Consider an 'empty' 16GB USB drive, in which all bits are zero (this is an extremely unlikely scenario, but the point is: its has 'nothing' on it). The first thing to do is to define partitions on the physical disk. Consider these the hard boundaries outside which files cannot be written. On personal computers, it is common to have a single large partition for the OS and all user files. However, several 'hidden' partitions typically exist too, related to the initial startup (boot) process of the OS, and the possibility to 'recover' from certain unwanted situations.

Once a physical disk is partitioned, it needs to be formatted: this is the point at which a file system is initialised and the partition can be referred to by a name (e.g. "C:" on Windows or "Macintosh HD" on Mac).

Network file system

A common data science scenario is that of a centralised server infrastructure on which data is stored. Although at the server-level, physical disks are partitioned and file systems initialised on them just as on our PCs, we the users cannot directly access the remote disks. Instead, the server makes some specific location (e.g. directory) on its drives available on the local network. This is done using one of many access protocols: usually a user needs to authenticate herself before access is granted by providing a valid username and password.

From the point of view of access, network file systems have changes the way people use devices. Using one of the many (free and non-free) 'syncing' services, we can have access to a file regardless of which device we are currently using. Privacy and data-security issues are only beginning to be considered.

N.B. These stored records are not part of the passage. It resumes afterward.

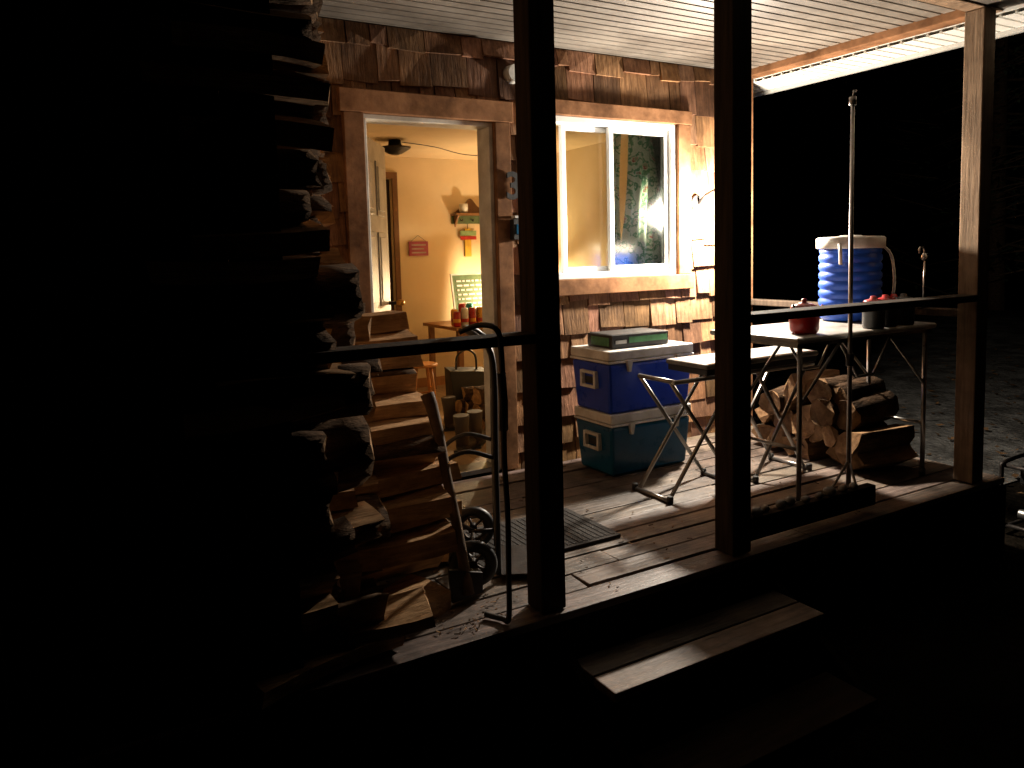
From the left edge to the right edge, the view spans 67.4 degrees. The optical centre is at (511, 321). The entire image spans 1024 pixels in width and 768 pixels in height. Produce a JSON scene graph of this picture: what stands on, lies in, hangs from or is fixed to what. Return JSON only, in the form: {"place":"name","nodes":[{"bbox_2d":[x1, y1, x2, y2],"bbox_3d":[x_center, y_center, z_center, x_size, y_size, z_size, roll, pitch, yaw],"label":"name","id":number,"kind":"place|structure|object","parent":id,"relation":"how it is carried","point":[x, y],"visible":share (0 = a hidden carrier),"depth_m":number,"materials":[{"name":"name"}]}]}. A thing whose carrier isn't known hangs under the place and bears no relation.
{"place":"outdoors","nodes":[
{"label":"outdoors","id":0,"kind":"place"},
{"bbox_2d":[382,139,410,154],"bbox_3d":[-0.959,-1.428,6.292,0.280,0.120,0.280,-4,6,-30],"label":"ceiling light","id":1,"kind":"object","parent":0,"point":[394,147],"visible":0.92,"depth_m":6.24,"materials":[{"name":"black metal"}]},
{"bbox_2d":[258,246,1023,767],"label":"ground","id":2,"kind":"structure","parent":0,"point":[936,668],"depth_m":3.09,"materials":[{"name":"soil"}]},
{"bbox_2d":[0,0,1023,767],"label":"porch","id":3,"kind":"object","parent":2,"relation":"on","point":[908,528],"visible":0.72,"depth_m":2.47,"materials":[{"name":"brown wood"}]},
{"bbox_2d":[19,0,461,741],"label":"firewood stack","id":4,"kind":"object","parent":3,"relation":"on","point":[373,502],"visible":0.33,"depth_m":2.36,"materials":[{"name":"brown wood"}]},
{"bbox_2d":[420,391,482,602],"bbox_3d":[-0.235,0.656,2.946,0.140,0.764,0.276,-4,6,-30],"label":"axe","id":5,"kind":"object","parent":3,"relation":"on","point":[465,580],"visible":0.98,"depth_m":2.91,"materials":[{"name":"brown wood"}]},
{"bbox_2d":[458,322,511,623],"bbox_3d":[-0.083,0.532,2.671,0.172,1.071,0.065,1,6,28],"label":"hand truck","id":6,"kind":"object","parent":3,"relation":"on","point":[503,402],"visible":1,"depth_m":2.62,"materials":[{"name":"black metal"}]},
{"bbox_2d":[446,325,526,584],"bbox_3d":[-0.122,0.516,3.162,0.460,1.014,0.442,-2,5,-3],"label":"hand truck","id":7,"kind":"object","parent":3,"relation":"on","point":[495,561],"visible":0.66,"depth_m":3.03,"materials":[{"name":"black metal"}]},
{"bbox_2d":[444,508,620,570],"bbox_3d":[0.038,0.983,3.479,0.800,0.016,0.440,-4,6,-30],"label":"door mat","id":8,"kind":"object","parent":3,"relation":"on","point":[580,531],"depth_m":3.51,"materials":[{"name":"grey rubber"}]},
{"bbox_2d":[574,403,690,475],"bbox_3d":[0.739,0.684,4.671,0.636,0.365,0.386,-4,6,-30],"label":"cooler","id":9,"kind":"object","parent":3,"relation":"on","point":[615,444],"visible":0.84,"depth_m":4.50,"materials":[{"name":"teal plastic"}]},
{"bbox_2d":[570,340,693,413],"bbox_3d":[0.728,0.319,4.632,0.666,0.365,0.396,-4,6,-30],"label":"cooler","id":10,"kind":"object","parent":9,"relation":"on","point":[607,380],"visible":0.84,"depth_m":4.46,"materials":[{"name":"blue plastic"}]},
{"bbox_2d":[588,328,667,348],"bbox_3d":[0.696,0.097,4.604,0.424,0.080,0.247,-4,6,-30],"label":"stove","id":11,"kind":"object","parent":10,"relation":"on","point":[622,338],"visible":1,"depth_m":4.51,"materials":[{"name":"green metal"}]},
{"bbox_2d":[379,442,939,634],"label":"wood chips","id":12,"kind":"object","parent":3,"relation":"on","point":[479,624],"visible":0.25,"depth_m":3.01,"materials":[{"name":"brown wood"}]},
{"bbox_2d":[632,346,817,503],"bbox_3d":[1.203,0.541,4.291,1.118,0.699,0.327,-4,6,-30],"label":"folding table","id":13,"kind":"object","parent":3,"relation":"on","point":[704,364],"visible":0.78,"depth_m":4.23,"materials":[{"name":"black plastic"}]},
{"bbox_2d":[751,482,857,516],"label":"river stones","id":14,"kind":"object","parent":3,"relation":"on","point":[758,511],"visible":0.99,"depth_m":3.48,"materials":[{"name":"grey stone"}]},
{"bbox_2d":[710,319,936,501],"bbox_3d":[1.717,0.451,4.238,1.130,0.857,0.590,-4,6,-30],"label":"folding table","id":15,"kind":"object","parent":3,"relation":"on","point":[779,335],"visible":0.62,"depth_m":4.00,"materials":[{"name":"metal"}]},
{"bbox_2d":[789,298,822,333],"bbox_3d":[1.471,-0.030,3.868,0.148,0.175,0.174,3,7,43],"label":"cooking pot","id":16,"kind":"object","parent":15,"relation":"on","point":[810,325],"visible":0.64,"depth_m":3.81,"materials":[{"name":"red metal"}]},
{"bbox_2d":[816,235,895,321],"bbox_3d":[1.969,-0.255,4.452,0.428,0.491,0.402,-6,6,-38],"label":"water jug","id":17,"kind":"object","parent":15,"relation":"on","point":[833,275],"visible":0.77,"depth_m":4.33,"materials":[{"name":"blue plastic"},{"name":"white plastic"}]},
{"bbox_2d":[862,296,884,328],"bbox_3d":[1.912,-0.051,4.011,0.116,0.169,0.160,-17,16,-72],"label":"cooking pot","id":18,"kind":"object","parent":15,"relation":"on","point":[874,320],"visible":0.56,"depth_m":3.98,"materials":[{"name":"grey metal"}]},
{"bbox_2d":[878,294,897,326],"bbox_3d":[2.013,-0.061,4.094,0.127,0.169,0.168,-16,16,-71],"label":"cooking pot","id":19,"kind":"object","parent":15,"relation":"on","point":[891,318],"visible":0.44,"depth_m":4.05,"materials":[{"name":"metal"}]},
{"bbox_2d":[894,293,914,324],"bbox_3d":[2.141,-0.070,4.155,0.116,0.169,0.160,-17,16,-72],"label":"cooking pot","id":20,"kind":"object","parent":15,"relation":"on","point":[906,316],"visible":0.46,"depth_m":4.12,"materials":[{"name":"metal"}]},
{"bbox_2d":[751,369,918,469],"bbox_3d":[1.942,0.583,4.775,0.506,0.576,1.044,-4,6,-30],"label":"firewood stack","id":21,"kind":"object","parent":3,"relation":"on","point":[878,441],"visible":0.82,"depth_m":4.50,"materials":[{"name":"brown wood"}]},
{"bbox_2d":[832,90,856,487],"bbox_3d":[1.694,-0.106,3.789,0.232,2.040,0.178,-4,6,-30],"label":"lantern pole","id":22,"kind":"object","parent":3,"relation":"on","point":[849,364],"visible":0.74,"depth_m":3.79,"materials":[{"name":"metal"}]},
{"bbox_2d":[915,246,931,307],"bbox_3d":[2.352,-0.256,4.387,0.109,0.351,0.040,-4,6,-30],"label":"utensil hook","id":23,"kind":"object","parent":3,"relation":"attached to","point":[924,256],"visible":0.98,"depth_m":4.38,"materials":[{"name":"metal"}]},
{"bbox_2d":[316,16,752,483],"bbox_3d":[-2.116,-0.973,4.899,8.150,4.580,7.300,-4,6,-30],"label":"wooden cabin","id":24,"kind":"object","parent":2,"relation":"on","point":[635,152],"visible":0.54,"depth_m":4.96,"materials":[{"name":"brown wood"}]},
{"bbox_2d":[367,136,404,311],"bbox_3d":[-0.807,-0.108,4.673,0.203,1.970,0.740,-1,5,2],"label":"entry door","id":25,"kind":"structure","parent":24,"relation":"in","point":[375,152],"depth_m":4.70,"materials":[{"name":"paint"}]},
{"bbox_2d":[386,172,401,310],"bbox_3d":[-1.480,-0.357,7.271,0.870,2.100,0.125,-4,6,-30],"label":"inner doorway","id":26,"kind":"structure","parent":24,"relation":"in","point":[389,175],"depth_m":7.40,"materials":[{"name":"brown wood"}]},
{"bbox_2d":[408,235,427,255],"bbox_3d":[-0.915,-0.746,7.512,0.200,0.202,0.022,-4,6,-30],"label":"painted sign","id":27,"kind":"object","parent":24,"relation":"attached to","point":[418,248],"visible":1,"depth_m":7.51,"materials":[{"name":"red paint"}]},
{"bbox_2d":[413,361,437,403],"bbox_3d":[-0.746,0.549,6.388,0.270,0.412,0.270,-4,6,-30],"label":"stool","id":28,"kind":"object","parent":24,"relation":"on","point":[428,365],"visible":0.48,"depth_m":6.33,"materials":[{"name":"brown wood"}]},
{"bbox_2d":[401,142,477,155],"bbox_3d":[-0.485,-1.517,6.835,1.338,0.043,0.043,-8,8,-52],"label":"ceiling cable","id":29,"kind":"object","parent":24,"relation":"attached to","point":[438,147],"visible":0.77,"depth_m":6.60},
{"bbox_2d":[441,395,455,430],"bbox_3d":[-0.388,0.679,5.726,0.276,0.253,0.108,-2,5,-4],"label":"log","id":30,"kind":"object","parent":24,"relation":"on","point":[448,405],"visible":0.52,"depth_m":5.68,"materials":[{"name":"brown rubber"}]},
{"bbox_2d":[423,321,482,388],"bbox_3d":[-0.232,0.323,7.413,1.020,0.654,0.740,-4,6,-30],"label":"side table","id":31,"kind":"object","parent":24,"relation":"on","point":[446,325],"visible":0.17,"depth_m":7.27,"materials":[{"name":"brown wood"}]},
{"bbox_2d":[451,309,457,325],"bbox_3d":[-0.523,-0.038,6.996,0.070,0.152,0.070,-4,6,-30],"label":"drink can","id":32,"kind":"object","parent":31,"relation":"on","point":[452,310],"visible":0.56,"depth_m":6.97,"materials":[{"name":"gold metal"}]},
{"bbox_2d":[453,311,460,326],"bbox_3d":[-0.493,-0.022,6.887,0.070,0.138,0.070,-4,6,-30],"label":"drink can","id":33,"kind":"object","parent":31,"relation":"on","point":[456,318],"visible":1,"depth_m":6.86,"materials":[{"name":"red metal"}]},
{"bbox_2d":[458,303,465,312],"bbox_3d":[-0.456,-0.067,7.033,0.070,0.200,0.070,-4,6,-30],"label":"drink can","id":34,"kind":"object","parent":31,"relation":"on","point":[461,305],"visible":0.29,"depth_m":7.00,"materials":[{"name":"red metal"}]},
{"bbox_2d":[461,308,468,325],"bbox_3d":[-0.426,-0.041,6.925,0.070,0.166,0.070,-4,6,-30],"label":"drink can","id":35,"kind":"object","parent":31,"relation":"on","point":[464,317],"visible":0.9,"depth_m":6.90,"materials":[{"name":"white metal"}]},
{"bbox_2d":[449,273,481,308],"bbox_3d":[-0.352,-0.230,7.326,0.470,0.470,0.114,-4,6,-30],"label":"letter board","id":36,"kind":"object","parent":31,"relation":"on","point":[465,288],"visible":0.41,"depth_m":7.29,"materials":[{"name":"green paint"}]},
{"bbox_2d":[466,303,472,316],"bbox_3d":[-0.389,-0.072,7.072,0.070,0.200,0.070,-4,6,-30],"label":"drink can","id":37,"kind":"object","parent":31,"relation":"on","point":[468,305],"visible":0.33,"depth_m":7.04,"materials":[{"name":"green metal"}]},
{"bbox_2d":[468,307,475,324],"bbox_3d":[-0.359,-0.046,6.964,0.070,0.166,0.070,-4,6,-30],"label":"drink can","id":38,"kind":"object","parent":31,"relation":"on","point":[472,315],"visible":0.83,"depth_m":6.93,"materials":[{"name":"red metal"}]},
{"bbox_2d":[476,307,481,321],"bbox_3d":[-0.291,-0.051,7.003,0.070,0.166,0.070,-4,6,-30],"label":"drink can","id":39,"kind":"object","parent":31,"relation":"on","point":[478,314],"visible":0.53,"depth_m":6.97,"materials":[{"name":"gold metal"}]},
{"bbox_2d":[444,350,483,401],"bbox_3d":[-0.357,0.490,6.107,0.339,0.557,0.188,-4,6,-30],"label":"tote bag","id":40,"kind":"object","parent":24,"relation":"on","point":[457,378],"visible":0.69,"depth_m":6.04,"materials":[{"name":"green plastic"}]},
{"bbox_2d":[453,413,476,452],"bbox_3d":[-0.291,0.730,5.129,0.107,0.253,0.275,1,6,29],"label":"log","id":41,"kind":"object","parent":24,"relation":"on","point":[461,422],"visible":0.77,"depth_m":5.03,"materials":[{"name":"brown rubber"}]},
{"bbox_2d":[451,199,479,226],"bbox_3d":[-0.393,-1.099,7.723,0.440,0.282,0.138,-4,6,-30],"label":"wall shelf","id":42,"kind":"object","parent":24,"relation":"attached to","point":[471,216],"depth_m":7.74,"materials":[{"name":"green wood"}]},
{"bbox_2d":[459,203,467,212],"bbox_3d":[-0.484,-1.129,7.657,0.090,0.095,0.090,-4,6,-30],"label":"mug","id":43,"kind":"object","parent":42,"relation":"on","point":[463,207],"visible":0.94,"depth_m":7.62,"materials":[{"name":"white ceramic"}]},
{"bbox_2d":[460,224,476,256],"bbox_3d":[-0.446,-0.840,7.770,0.180,0.360,0.030,-4,6,-30],"label":"hanging sign","id":44,"kind":"object","parent":24,"relation":"attached to","point":[467,235],"visible":1,"depth_m":7.76,"materials":[{"name":"yellow paint"}]},
{"bbox_2d":[455,385,485,431],"bbox_3d":[-0.210,0.630,5.785,0.458,0.349,0.537,-4,6,-30],"label":"kindling stack","id":45,"kind":"object","parent":24,"relation":"on","point":[473,397],"visible":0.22,"depth_m":5.69,"materials":[{"name":"brown wood"}]},
{"bbox_2d":[467,409,485,448],"bbox_3d":[-0.240,0.717,5.262,0.108,0.254,0.276,-1,5,5],"label":"log","id":46,"kind":"object","parent":24,"relation":"on","point":[475,420],"visible":0.64,"depth_m":5.14,"materials":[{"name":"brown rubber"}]},
{"bbox_2d":[556,115,676,279],"bbox_3d":[0.619,-0.790,4.974,1.070,1.000,0.120,-4,6,-30],"label":"window frame","id":47,"kind":"structure","parent":24,"relation":"in","point":[608,127],"depth_m":4.98,"materials":[{"name":"plastic"}]},
{"bbox_2d":[691,189,713,210],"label":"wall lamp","id":48,"kind":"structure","parent":24,"relation":"attached to","point":[697,202],"depth_m":5.25,"materials":[{"name":"metal"}]},
{"bbox_2d":[999,453,1023,531],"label":"portable generator","id":49,"kind":"object","parent":2,"relation":"on","point":[1020,512],"visible":0.54,"depth_m":4.56,"materials":[{"name":"metal"}]},
{"bbox_2d":[753,36,1018,250],"label":"sky","id":50,"kind":"structure","parent":0,"point":[893,97],"materials":[{"name":"black"}]},
{"bbox_2d":[753,307,1023,483],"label":"gravel yard","id":51,"kind":"structure","parent":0,"point":[1005,330],"depth_m":9.81,"materials":[{"name":"grey gravel"}]},
{"bbox_2d":[757,324,1023,493],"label":"fallen leaves","id":52,"kind":"object","parent":51,"relation":"on","point":[1013,475],"visible":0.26,"depth_m":9.37,"materials":[{"name":"brown plant"}]}
]}

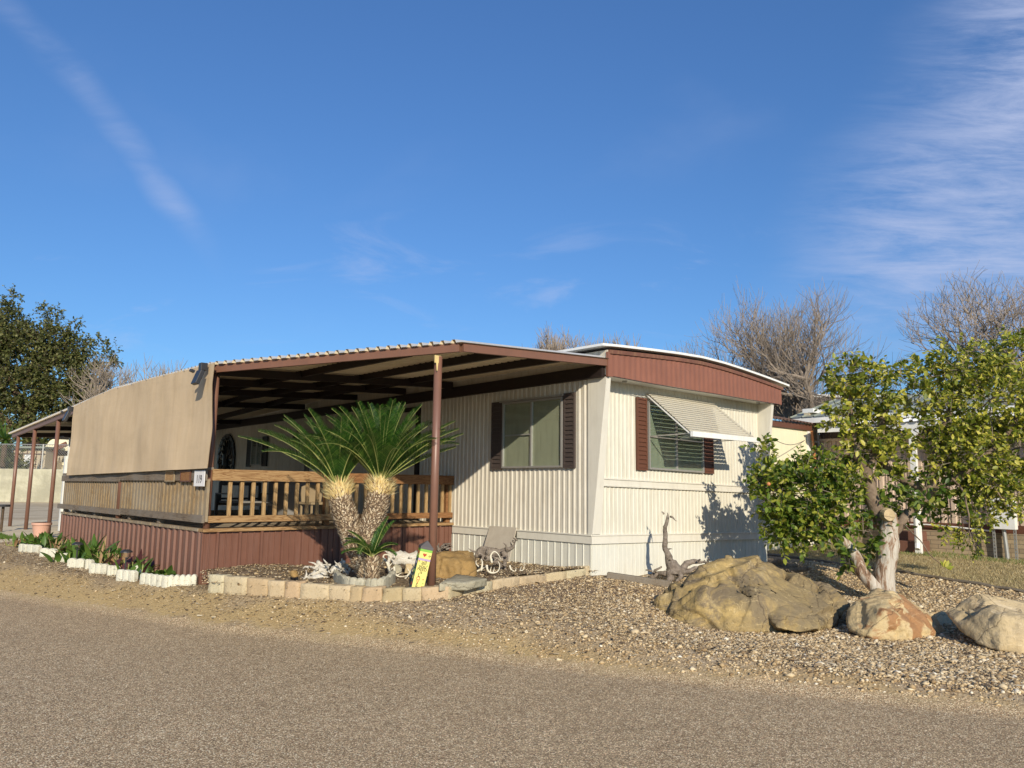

In the context of working on data, e.g. in health science, the large size of many datasets necessitates the use of high-capacity servers for performing analyses. Another reason for the need for remote data access and processing is related to data security: patient data must never be compromised by moving it out of secure server environments. Our data is therefore often non-local, which may have implications on how we can interact with it. For example, whereas data can be read into memory from a modern SSD hard drive at rates of hundreds of megabytes per second, transfer over a network may be two orders of magnitude slower.

Exercises

If you didn't already...

Make a CSV-file

Open the text editor of your choice. Why is MS Word not a text editor? In case you haven't already, you should consider an alternative to the Win/Mac defaults. Google has no shortage of 'best of' selections in this category, take your pick. To highlight two common options, you may consider:

Atom (multi-OS, in rapid development, OSS)
Notepad++ (Windows-only, free software)

Create a new file with the names, birth years and birth places of your parents, as well as any siblings or children.

use one line per person
separate the data fields using a comma
name the data columns on the first line of the file
save the file with the extension .csv

The file you created above should appear in the Files-tab of JupyterLab. Check that the format of the file is correct by double-clicking on it: a new view to it should open, showing you the contents in tabular form.

Partitions and file systems

Find out how your hard drive is partitioned and what file system the main, system-drive is formatted with.

Windows

Open Control Panel -> System and Security -> Administrative Tools, right-click on Computer Management and select Run as Administrator.
Under Storage, select Disk Management

Mac

The Disk Utility app will not show you hidden partitions (typical of macOS: if you know enough to ask this question, you can also handle the fact that no graphical utilities exist to view them!). Instead, you need to open the Utilities -> Terminal app, and into the window, type:

diskutil list

For more details on the disk(s) and partition(s), you can say e.g.:

diskutil info disk1

Linux

sudo fdisk -l

Yes, even the VM operates with the concept of partitions.

Network file system: Dropbox

If you have the Dropbox desktop extension installed, you can place a file in a folder on your PC, after which that file will be accessible from other devices you have access to. Try to 'follow the bits' when you do this; what is physically going on?